(Adam Lambert’s “Whataya Want From Me?” really speaks to my life as a whole right now.)
When last we spoke, our anti-heroine (me) was inwardly agonizing about relationships and post-divorce relationships and being ready to tackle new things and whatnot. This may have predicated a foray into angst, “forever alone” nonsense and abstract “will I never be truly happy until I’m with someone else again?” thinking.
I’m happy to tell you this is not the case, as our anti-heroine faced up to the full brunt of the tasks set before her for these upcoming months…and emotions ran the whole gamut from complete ecstasy to “oh shit.”
Good things first:
After months of research, Dr. LW (my thesis adviser) looked over my bulging folder of notes and gave me the green light to begin writing my thesis prospectus. If you don’t know what that signifies…in order to begin writing a master’s thesis at my university, one needs to go before the Graduate Studies Department (or have one’s adviser go before the GSD) and present the thesis idea. You can’t just haul off and say “This is what I want to spend a year of my life doing”; you need to have more of a plan. Specifically, you need to write a prospectus, which is a statement of interest, a literature review, a statement about what contributions your work will bring to the field of study, what other historians have said, what gaps you intend in filling, and an annotated bibliography of all your sources (thus far) and how they will be useful. If the GSD likes your prospectus, you get the green light to write the damn thing. If they don’t…well, that’s another story, and hopefully one I don’t need to think about right now.

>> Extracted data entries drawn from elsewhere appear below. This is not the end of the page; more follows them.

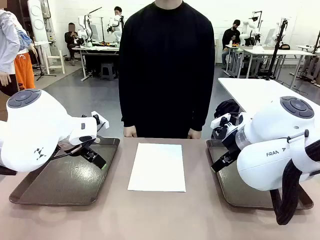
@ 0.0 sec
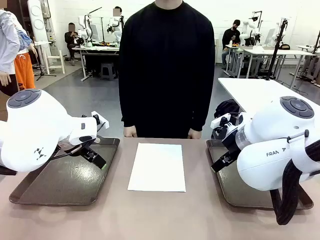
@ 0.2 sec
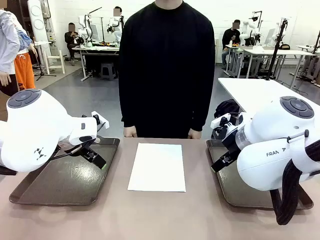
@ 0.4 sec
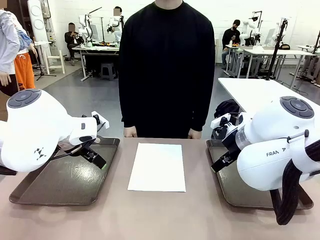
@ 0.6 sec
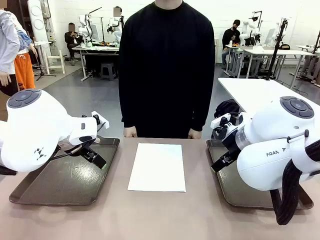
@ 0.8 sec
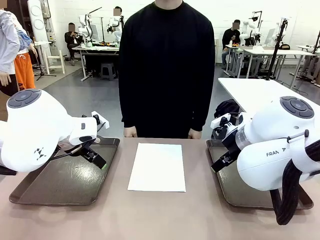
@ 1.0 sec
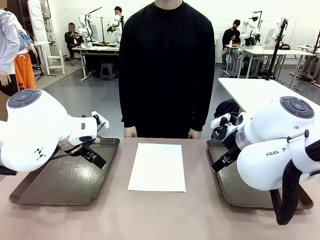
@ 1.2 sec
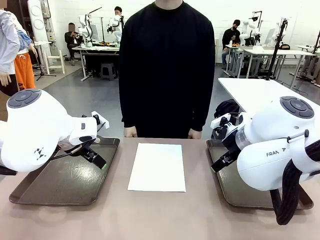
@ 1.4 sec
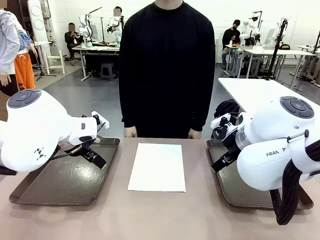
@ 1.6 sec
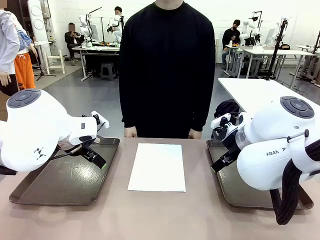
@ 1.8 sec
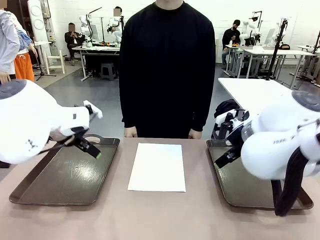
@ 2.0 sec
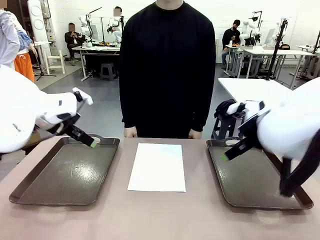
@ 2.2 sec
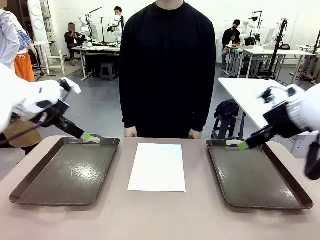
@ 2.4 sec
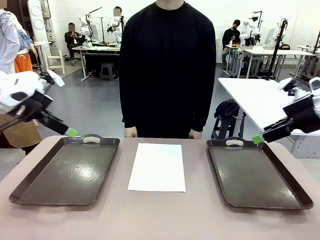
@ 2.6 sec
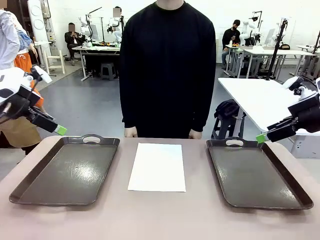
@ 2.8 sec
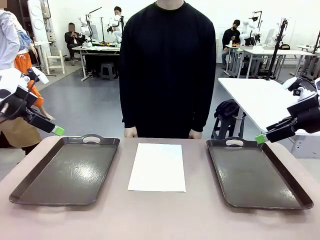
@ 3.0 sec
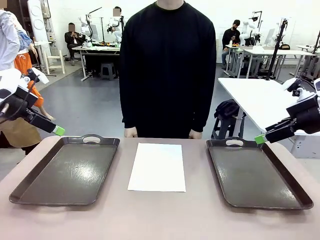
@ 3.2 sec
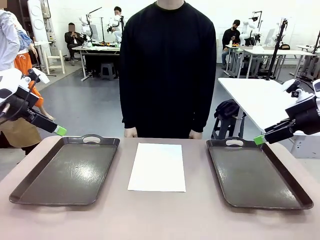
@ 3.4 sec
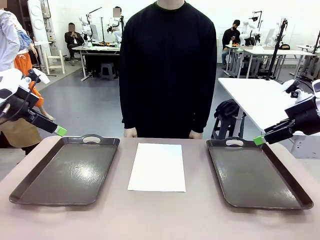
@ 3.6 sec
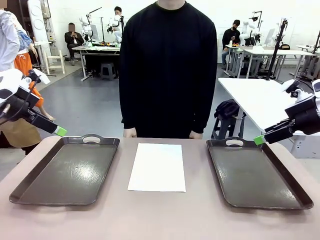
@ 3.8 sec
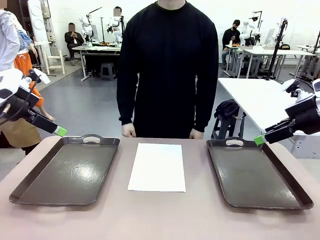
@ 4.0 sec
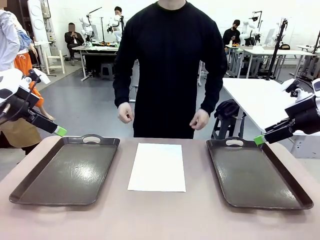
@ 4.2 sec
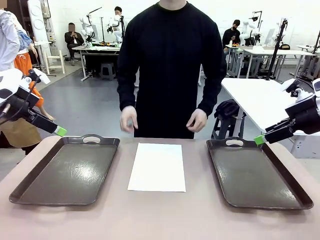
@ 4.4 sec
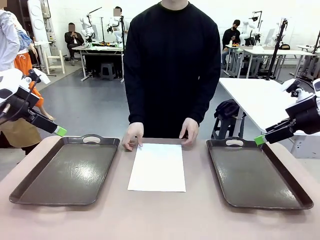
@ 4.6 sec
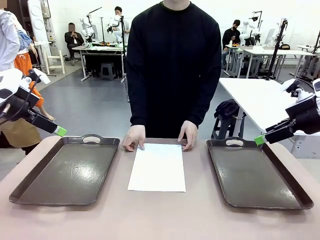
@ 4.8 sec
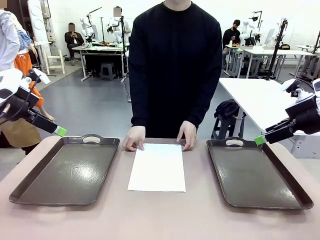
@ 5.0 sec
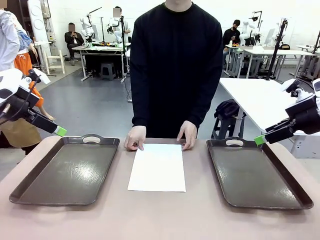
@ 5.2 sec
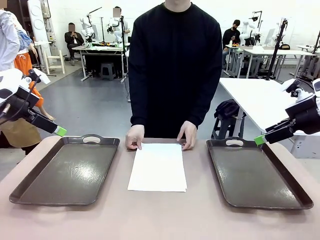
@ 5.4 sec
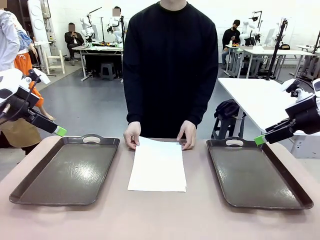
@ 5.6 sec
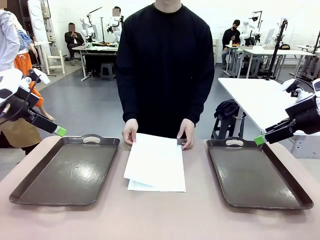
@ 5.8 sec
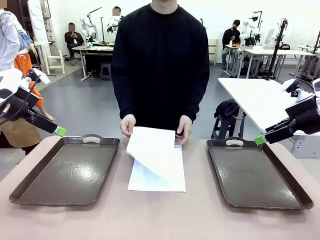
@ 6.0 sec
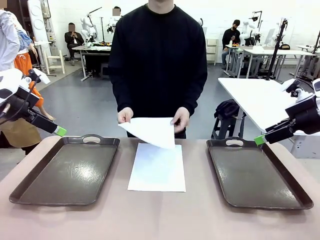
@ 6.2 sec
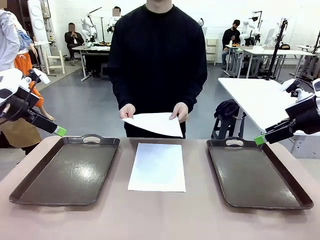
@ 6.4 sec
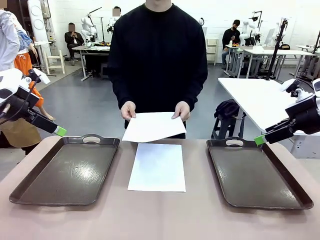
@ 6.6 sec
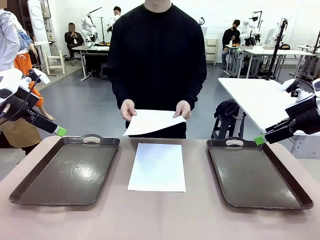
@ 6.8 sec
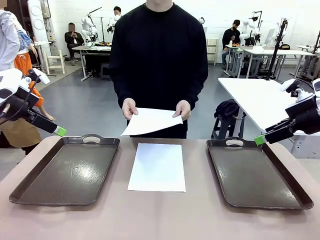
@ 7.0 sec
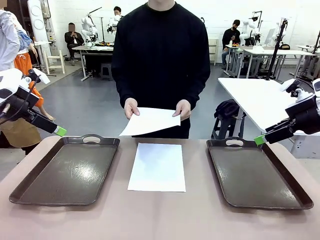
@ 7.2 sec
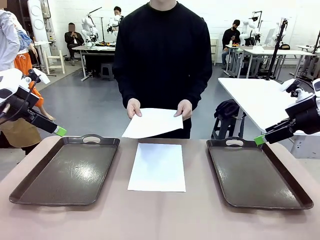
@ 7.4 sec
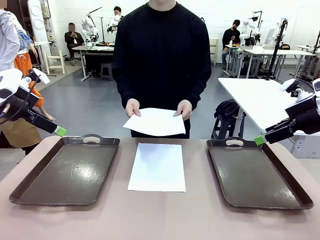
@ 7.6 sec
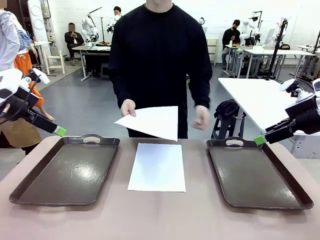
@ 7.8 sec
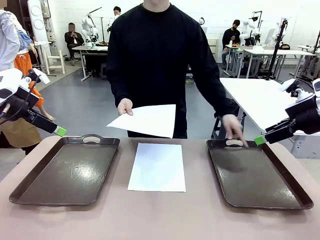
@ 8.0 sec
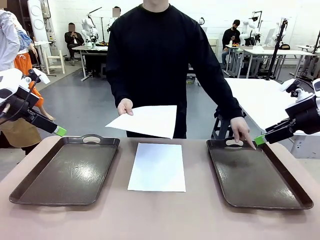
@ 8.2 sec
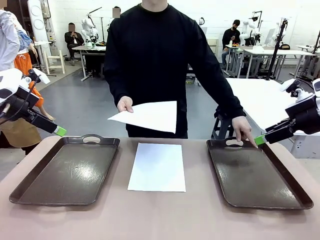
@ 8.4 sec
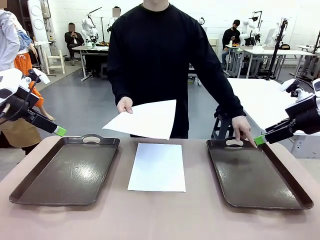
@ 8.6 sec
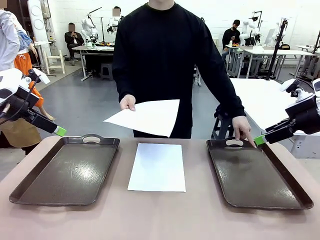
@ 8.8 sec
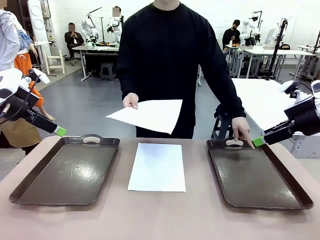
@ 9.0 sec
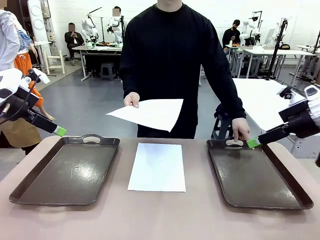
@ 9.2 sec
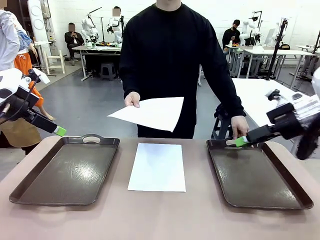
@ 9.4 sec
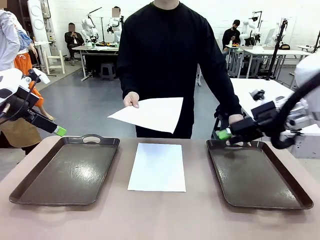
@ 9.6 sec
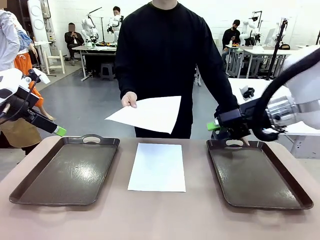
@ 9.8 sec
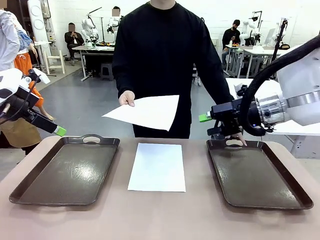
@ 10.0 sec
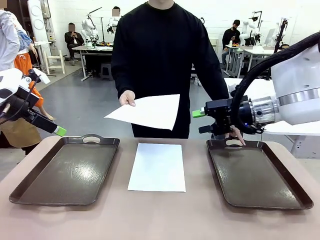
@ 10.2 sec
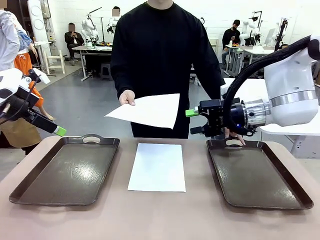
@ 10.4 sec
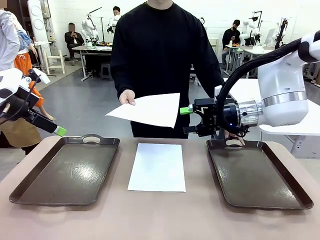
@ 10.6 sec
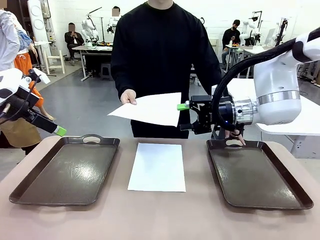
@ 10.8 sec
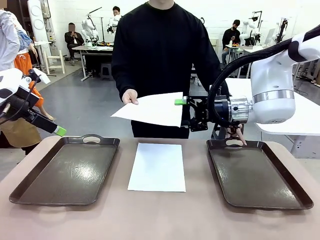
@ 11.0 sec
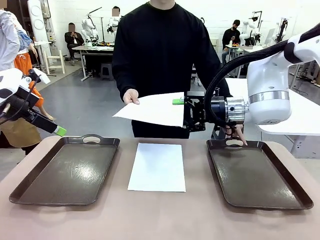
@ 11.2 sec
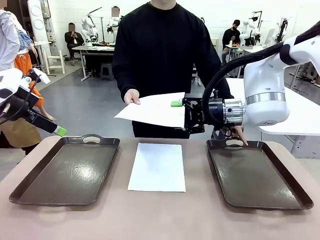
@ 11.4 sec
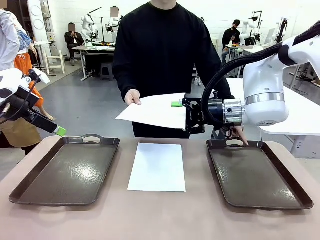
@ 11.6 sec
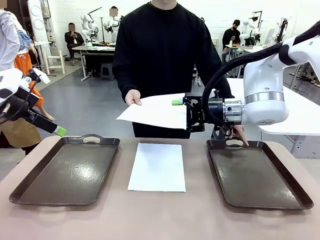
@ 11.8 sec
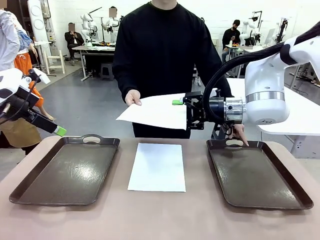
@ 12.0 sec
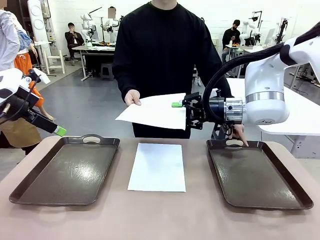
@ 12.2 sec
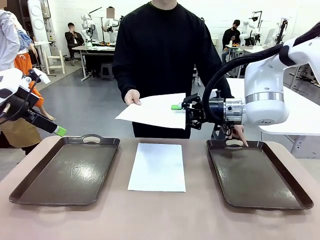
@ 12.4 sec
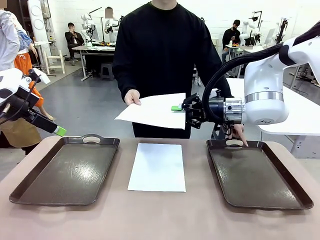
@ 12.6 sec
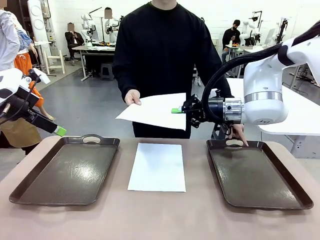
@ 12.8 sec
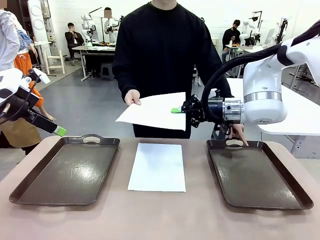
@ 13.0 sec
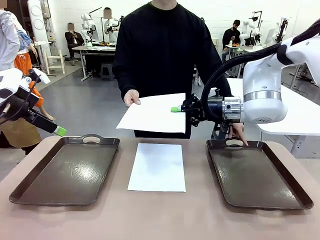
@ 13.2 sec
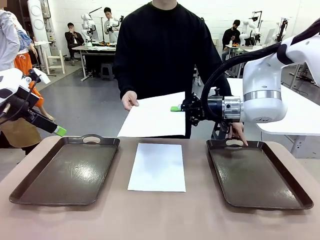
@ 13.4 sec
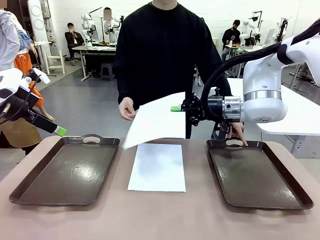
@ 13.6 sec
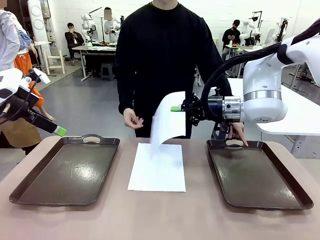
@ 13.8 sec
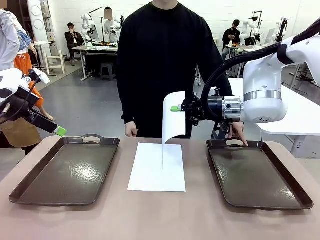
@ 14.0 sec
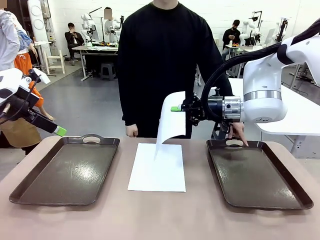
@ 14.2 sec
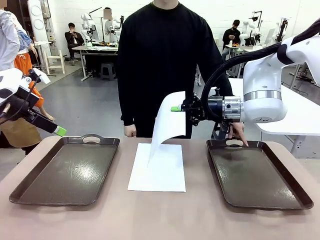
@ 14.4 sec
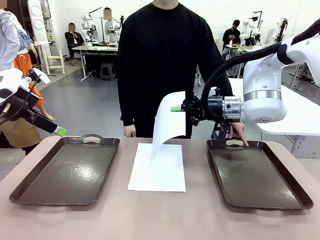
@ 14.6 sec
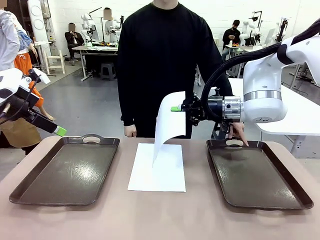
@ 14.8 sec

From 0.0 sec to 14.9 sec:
Task: Sort the A4 documents.
Robot: Receive the A4 Paper.
Person: Pick up a sheet of paper from the center of the table and hand it to the robot. Point the randomly selected tray with the other hand.

Anyway. This was my response to Dr. LW’s go-ahead:
I totally went and got an iced coffee from Dunkin Donuts. Because that is how I celebrate.

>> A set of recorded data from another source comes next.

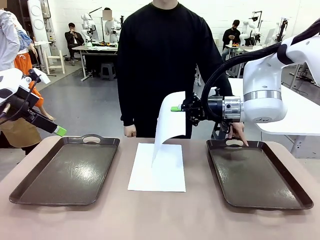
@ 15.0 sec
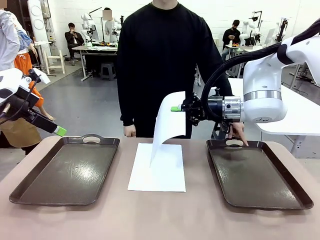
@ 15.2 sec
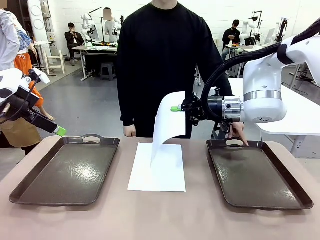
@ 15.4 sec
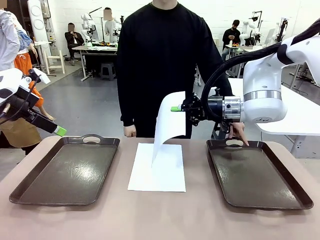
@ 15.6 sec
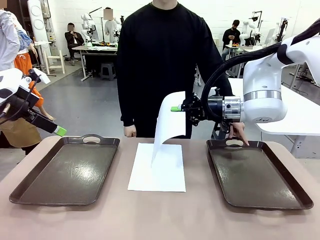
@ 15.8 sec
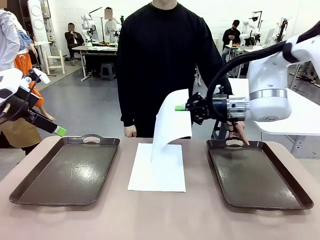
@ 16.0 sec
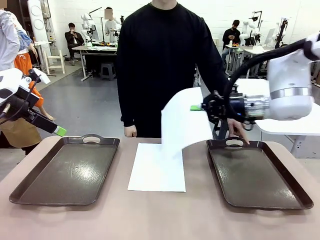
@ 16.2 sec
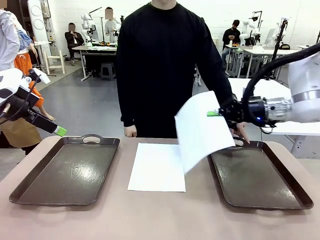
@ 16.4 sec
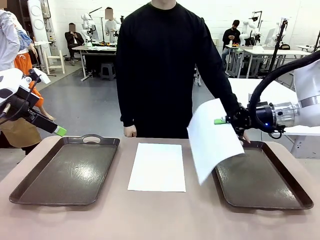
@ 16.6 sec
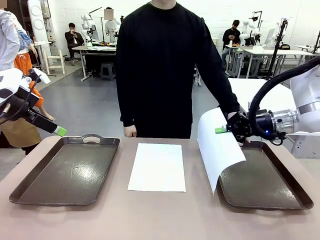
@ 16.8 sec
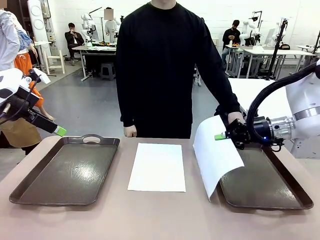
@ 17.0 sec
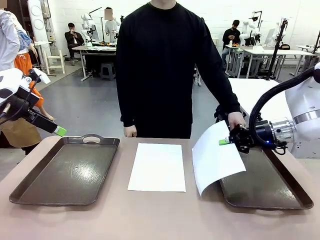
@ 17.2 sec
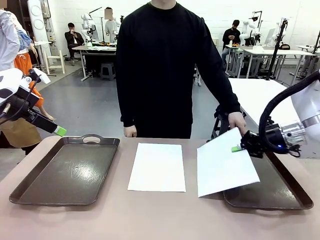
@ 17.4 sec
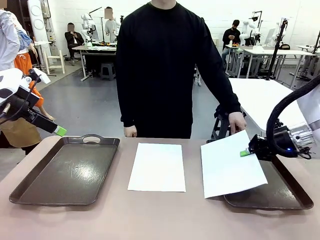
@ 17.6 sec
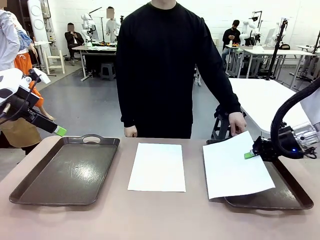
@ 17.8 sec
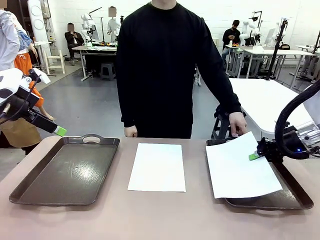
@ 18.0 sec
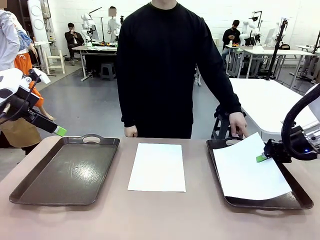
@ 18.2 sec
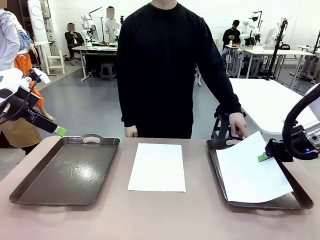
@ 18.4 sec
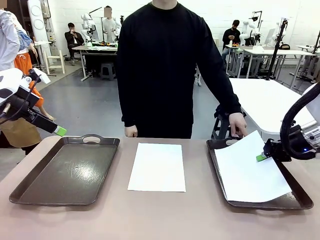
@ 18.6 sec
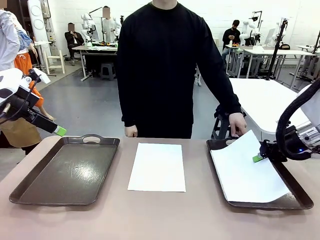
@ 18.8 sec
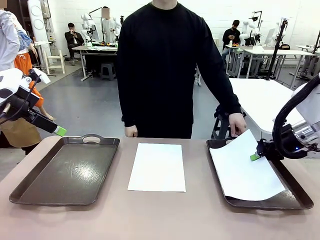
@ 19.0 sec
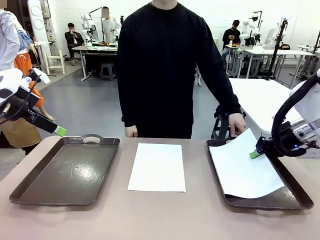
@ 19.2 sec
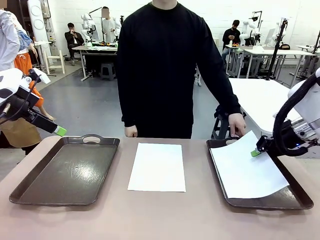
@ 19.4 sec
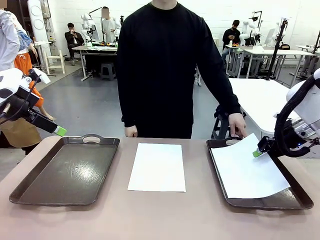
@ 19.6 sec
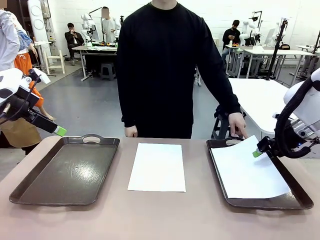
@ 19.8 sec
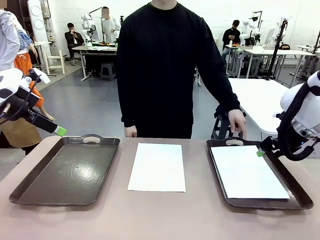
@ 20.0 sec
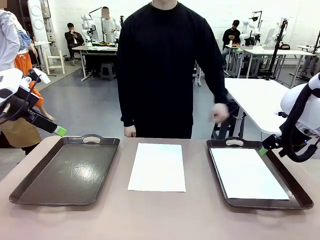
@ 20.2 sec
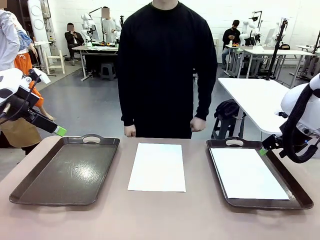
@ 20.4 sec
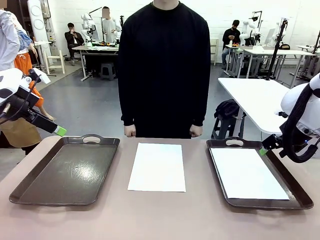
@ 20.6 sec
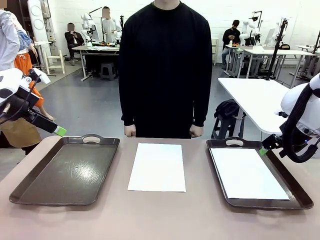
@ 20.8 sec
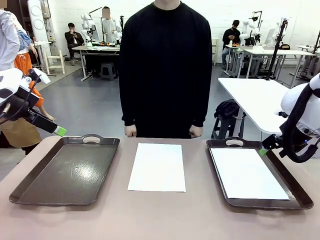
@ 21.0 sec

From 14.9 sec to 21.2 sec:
Robot: Place the A4 Paper in the designated Handle tray.

Then I went to class. And I got the bad news.
I’ve known all this semester that I had a term paper for Dr. S due. The syllabus said it was due next week, but since the class is half-undergrad, half-grad, and he hadn’t mentioned a damn thing about the paper, and he’d recently been in Asia and pushed back some of our deadlines, I naturally did the stupid thing and assumed that it was going to be pushed back as well.
That’s the sort of amateur move that a freshman makes. Maybe an undergraduate junior. Not a last-year grad student.
So the paper is due next Thursday. As in April 18th. As in eight days from now.
How long a paper? Not that long. Just 15-20 pages or so.
The above gif was pretty much exactly my reaction when I realized that my idiotic error was going to result in a metric buttload of stress for myself…but that it’s going to get done, it has to get done, so what’s the use of freaking out?
I already have a topic. My father (the man who instilled a love of history in me so deep that it resulted in borderline obsession) gave me four books from his own personal library that will help in my research. I used my bff Zotero last night to track down some articles and printed them this morning. I have a couple of hours this afternoon to do some work before I have to go check out another apartment…
Oh yeah, the apartment search is in full swing. My parents want their little cottage back (for my sister, who has epilepsy and is disabled), and my (future) roommate S and I have been actively searching for a place for about a week and a half now…
The point of this whole entry? I’m completely swamped on all sides, so to be spending my time lamenting about a relationship that could have been but wasn’t? Would pretty much guarantee that I’m certifiable.
Sign me up for the loony bin.
And just because I think my makeup looked pretty damn good today…I think I’ve come a long way since starting to learn how to apply eyeshadow back in September ’12.